矢量数据库 Vector databases 在过去一年因生成式人工智能的兴起而受到广泛关注,但矢量嵌入vector embedding)的概念已存在多年。

  1. 在进行图像分类时,神经网络提取的“特征”就是“矢量嵌入”。
  2. 这些矢量嵌入,包含了有关图像的精炼(“压缩”)信息。
  3. 对于基于文本的模型,矢量嵌入捕获了单词之间的关系,使模型能够理解语言。
  4. 嵌入(Embeddings)可以存储在数据库中以供日后查找和检索使用。

Table 11 Comparison of Vector Databases#

Vector Database Open Source Sharding Supported Distance Metrics Supported Indices
weaviate/weaviate 🟢 Yes 🟢 Yes cosine, dot, L2 squared, hamming, manhattan HNSW, HNSW-PQ
qdrant/qdrant 🟢 Yes 🟢 Yes cosine, dot, euclidean HNSW
milvus-io/milvus 🟢 Yes 🟢 Yes cosine, dot, euclidean, jaccard, hamming HNSW, FLAT, IVF-FLAT, IVF-PQ
RedisVentures/redisvl 🟢 Yes 🟢 Yes cosine, inner product, L2 HNSW, FLAT
chroma-core/chroma 🟢 Yes 🔴 No cosine, inner product, L2 HNSW
Pinecone 🔴 No 🟢 Yes cosine, dot, euclidean HNSW, FLAT, LSH, PQ

LLM Embeddings#

大型语言模型(LLM)是在大规模文本语料库(例如维基百科)上进行训练的。当模型处理这些文本时,它根据单词在上下文中的用法,对单词做了标识。

  1. 高维向量:随着模型从数据中学习,它将每个单词表示为一个高维向量,通常具有数百或数千个维度。向量中的值编码,代表了单词的含义。
  2. 近似语义:在对大量文本进行训练后,具有相似含义的单词在向量空间中更加接近
  3. 泛化能力:产生的单词向量,体现出了单词之间的语义关系,使得模型在语言任务中具有更好的泛化能力。这些预训练的嵌入,被用在初始化像BERT这样的大型语言模型的第一层。

总之,通过在大量文本数据上训练模型,最终得到了一个专门设计来捕捉单词之间关系的模型,即向量嵌入(vector embeddings)。

大型语言模型就像一位语言专家,通过阅读大量文章,学会了如何理解单词。

当模型读文章时,它会观察单词在文章中的用法,并根据它们在上下文中的关系给每个单词打上标签。

这就好像将每个单词都放在一个特殊的盒子里,这个盒子里有很多信息,包括这个单词的意思以及它和其他单词之间的联系。

这样,模型学到的这些标签(或盒子)可以帮助它更好地理解语言,并在需要时做出更智能的回答。

Turning text into embeddings#

Fig. 62 Vector Embeddings#

Let’s take the sentence from the image above as an example: “I want to adopt a puppy

  1. Each word in the sentence is mapped to its corresponding vector representation using the pre-trained word embeddings. For example, the word “adopt” may map to a 300-dimensional vector, “puppy” to another 300-dim vector, and so on.

  2. The sequence of word vectors is then passed through the neural network architecture of the language model.

  3. As the word vectors pass through the model, they interact with each other and get transformed by mathematical functions. This allows the model to interpret the meaning of the full sequence.

  4. The output of the model is a new vector that represents the embedding for the full input sentence. This sentence embedding encodes the semantic meaning of the entire sequence of words.

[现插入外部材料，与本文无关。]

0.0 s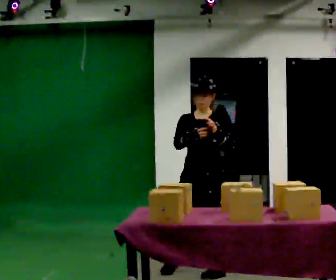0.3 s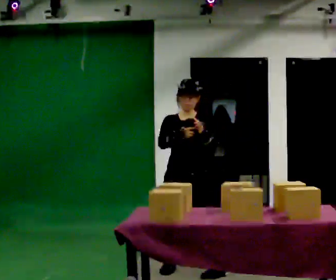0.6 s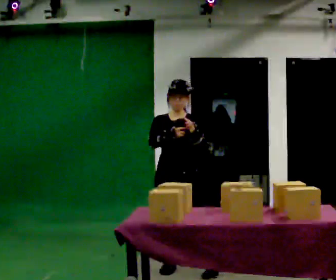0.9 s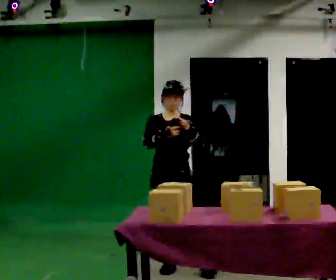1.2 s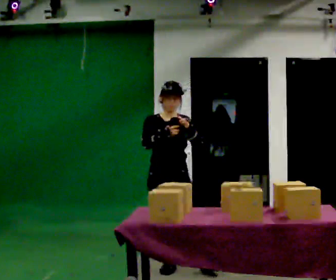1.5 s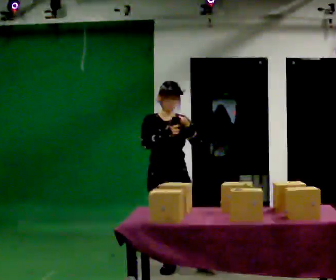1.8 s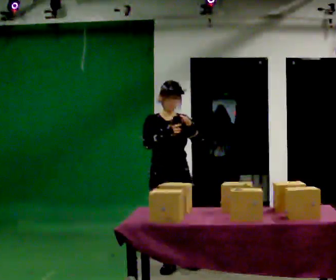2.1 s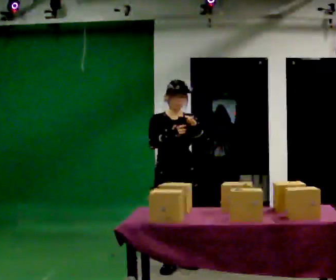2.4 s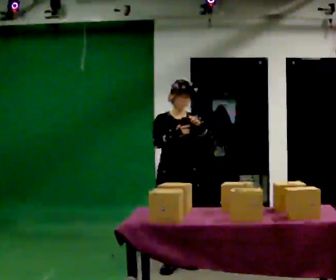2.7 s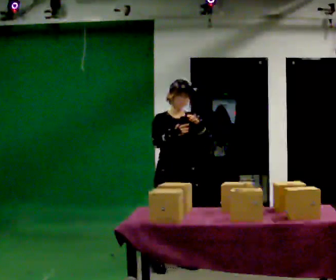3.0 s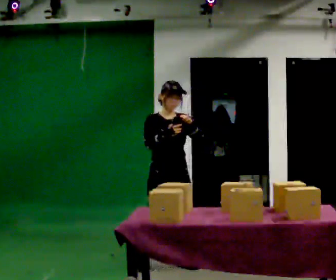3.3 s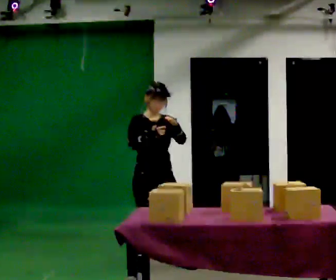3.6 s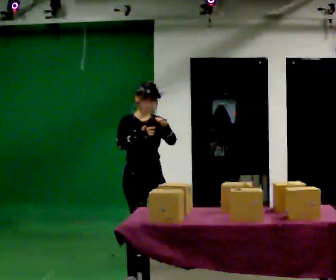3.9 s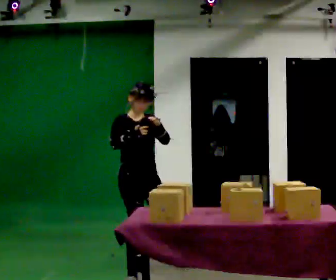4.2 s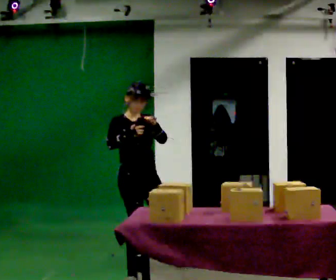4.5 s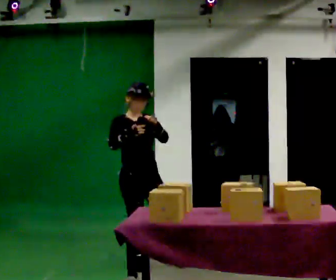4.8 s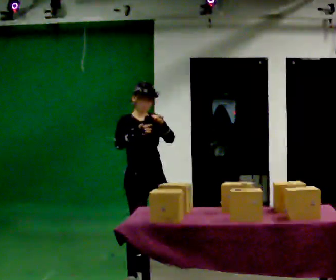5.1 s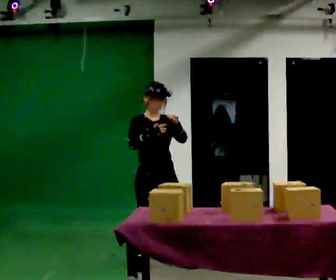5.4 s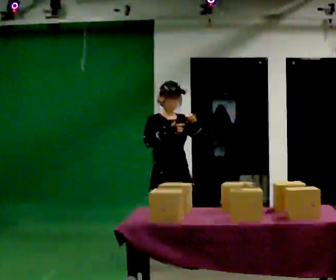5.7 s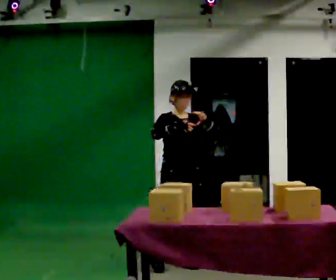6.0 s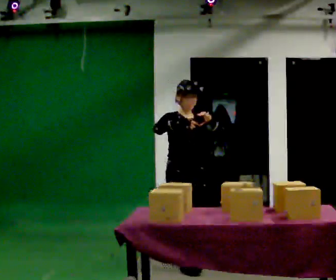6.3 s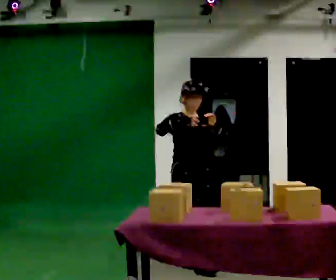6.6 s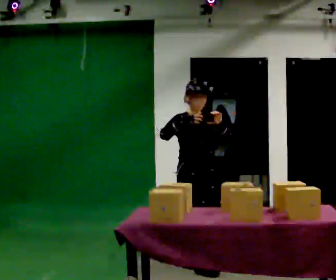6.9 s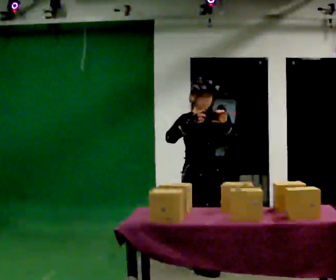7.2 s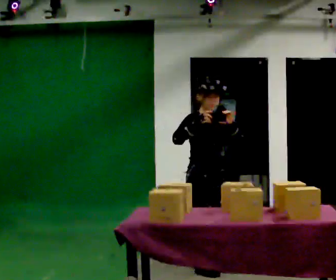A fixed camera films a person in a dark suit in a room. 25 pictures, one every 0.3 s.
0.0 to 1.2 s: Seen from above the body turns counterclockwise, about 45 degrees: to their left, with its near side sliding to the right. In the picture they go to the left and away from the camera, about 0.25 m in 2 steps, which for them is to their right.
1.2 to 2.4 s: The person moves a little, or ends about where they began.
2.4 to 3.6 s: In the picture they go to the left, about 0.25 m in 1 step, which for them is to their right.
3.6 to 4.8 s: The person moves a little, or ends about where they began.
4.8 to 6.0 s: In the picture they go to the right, about 0.25 m, which for them is to their left and forward.
6.0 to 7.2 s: In the picture they go toward the camera, about 0.25 m in 1 step, which for them is forward.
The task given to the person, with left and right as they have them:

Many closed-source models like text-embedding-ada-002 from OpenAI and the embeddings model from Cohere allow developers to convert raw text into vector embeddings. It’s important to note that the models used to generate vector embeddings are NOT the same models used for text generation.

生成词向量的模型与用于文本生成的模型并不相同。

  1. 词向量模型:旨在学习词语的语义关系和上下文表示
  2. 文本生成模型:是用来根据学习到的信息,生成文本。

这两种模型的目的和功能是不同的。

Embeddings vs Text Generation

Vector Databases#

矢量数据库Vector databases,可以高效存储和搜索 矢量嵌入vector embeddings)。

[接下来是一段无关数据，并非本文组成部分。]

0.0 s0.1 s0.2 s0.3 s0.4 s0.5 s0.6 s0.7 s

Calculating distance between vectors#

大多数矢量数据库,支持三种主要的距离度量

  1. 欧氏距离 Euclidean distance:向量空间中,两点之间的直线距离
  2. 余弦相似度 Cosine similarity:两个向量之间夹角的余弦值 - 余弦值越大,向量越接近
  3. 点积 Dot product余弦相似度和向量长度(大小)的乘积 - 点积越大,向量越接近

Fig. 63 Vector Distance Metrics#

Vector Indexing#

Even though vector databases can contain metadata in the form of JSON objects, the primary type of data is vectors. Unlike relational databases or NoSQL databases, vector databases optimise operations to make reading and writing vectors as fast as possible.

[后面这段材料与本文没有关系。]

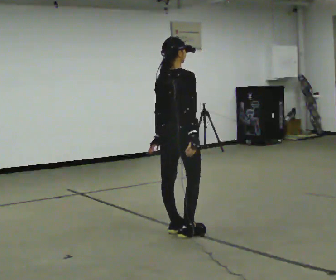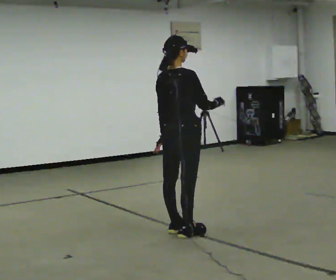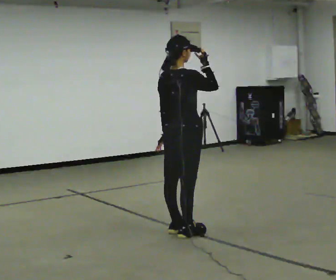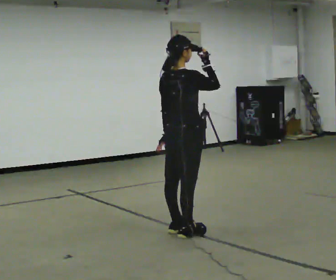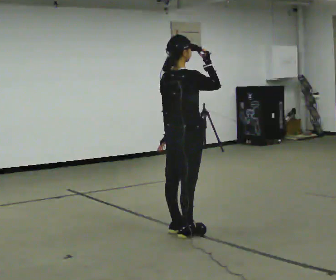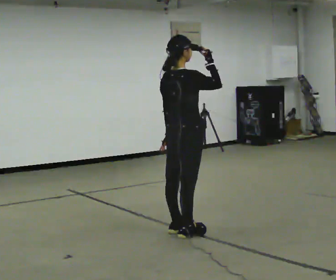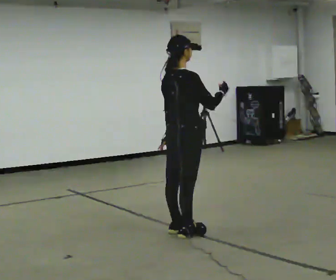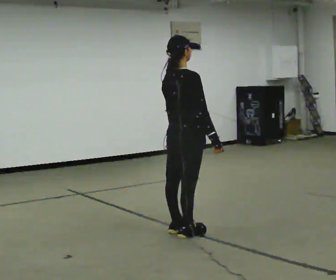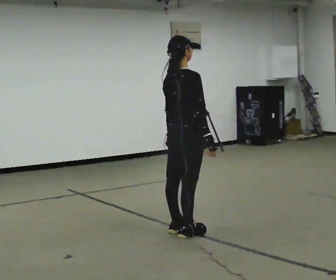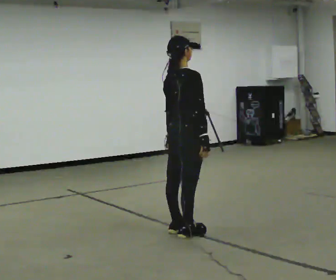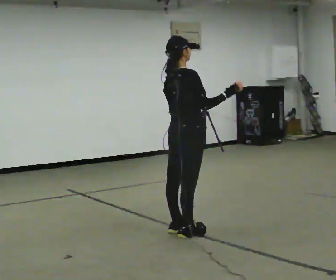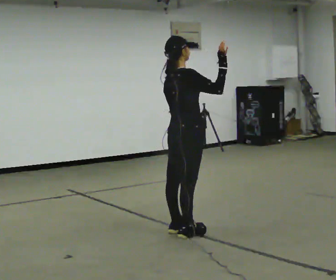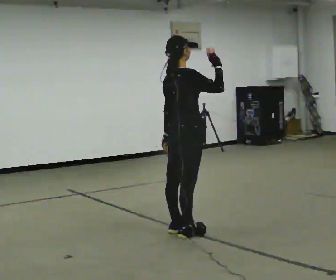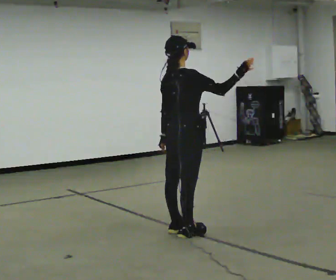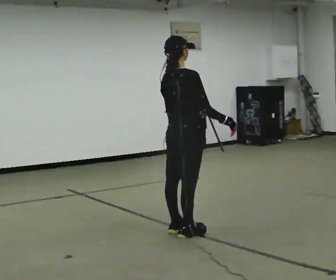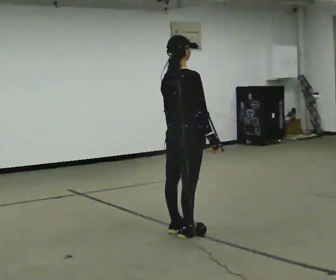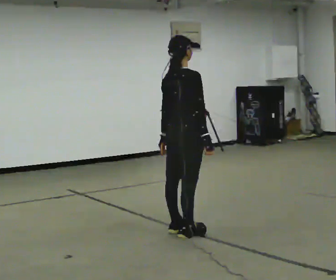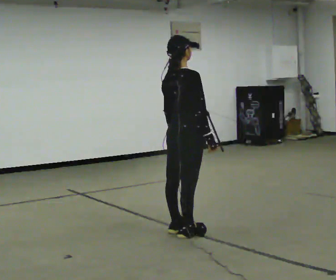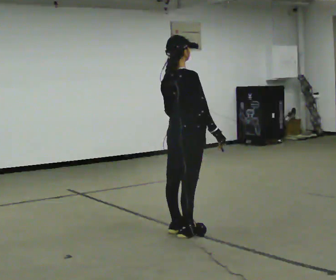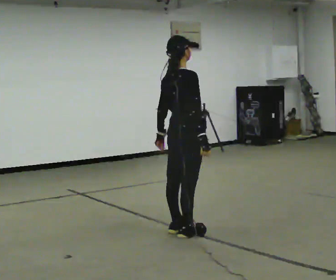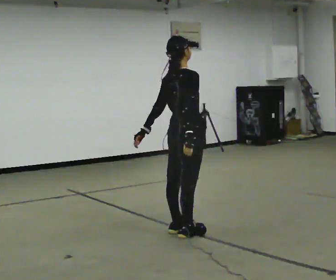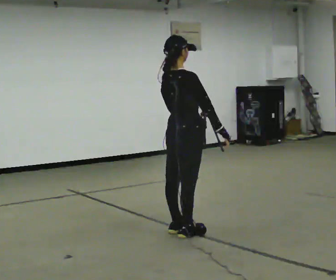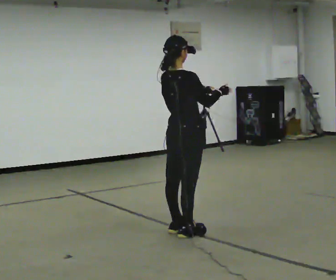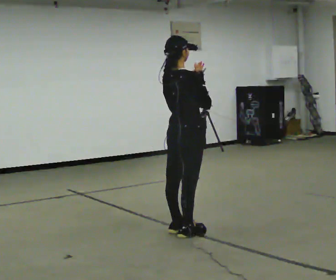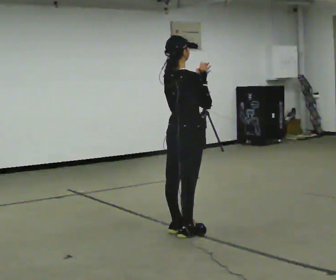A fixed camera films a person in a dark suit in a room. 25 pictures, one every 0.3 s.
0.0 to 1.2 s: In the picture their right hand goes upward.
1.2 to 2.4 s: In the picture their right hand goes downward.
2.4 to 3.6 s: In the picture their right hand goes upward, the arm swinging counterclockwise.
3.6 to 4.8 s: In the picture their right hand goes downward.
4.8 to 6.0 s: The person moves a little, or ends about where they began.
6.0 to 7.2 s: In the picture their left hand goes to the right and upward.
The film runs backward here.

With vector databases, there are two different concepts of indexing and search algorithms, both of which contribute to the overall performance. In many situations, choosing a vector index involves a trade-off between accuracy (precision/recall) and speed/throughput [148]. There are two primary factors that help organise an index:

  1. The underlying data structure,底层的数据结构

  2. Level of compression,压缩率

Fig. 64 Vector Indexing#

Hash-based Indexing#

局部敏感哈希Locality-Sensitive Hashing (LSH))使用哈希函数,将相似的向量分桶到哈希表中。查询向量也使用相同的哈希函数进行哈希处理,并与已经存在于表中的其他向量进行比较。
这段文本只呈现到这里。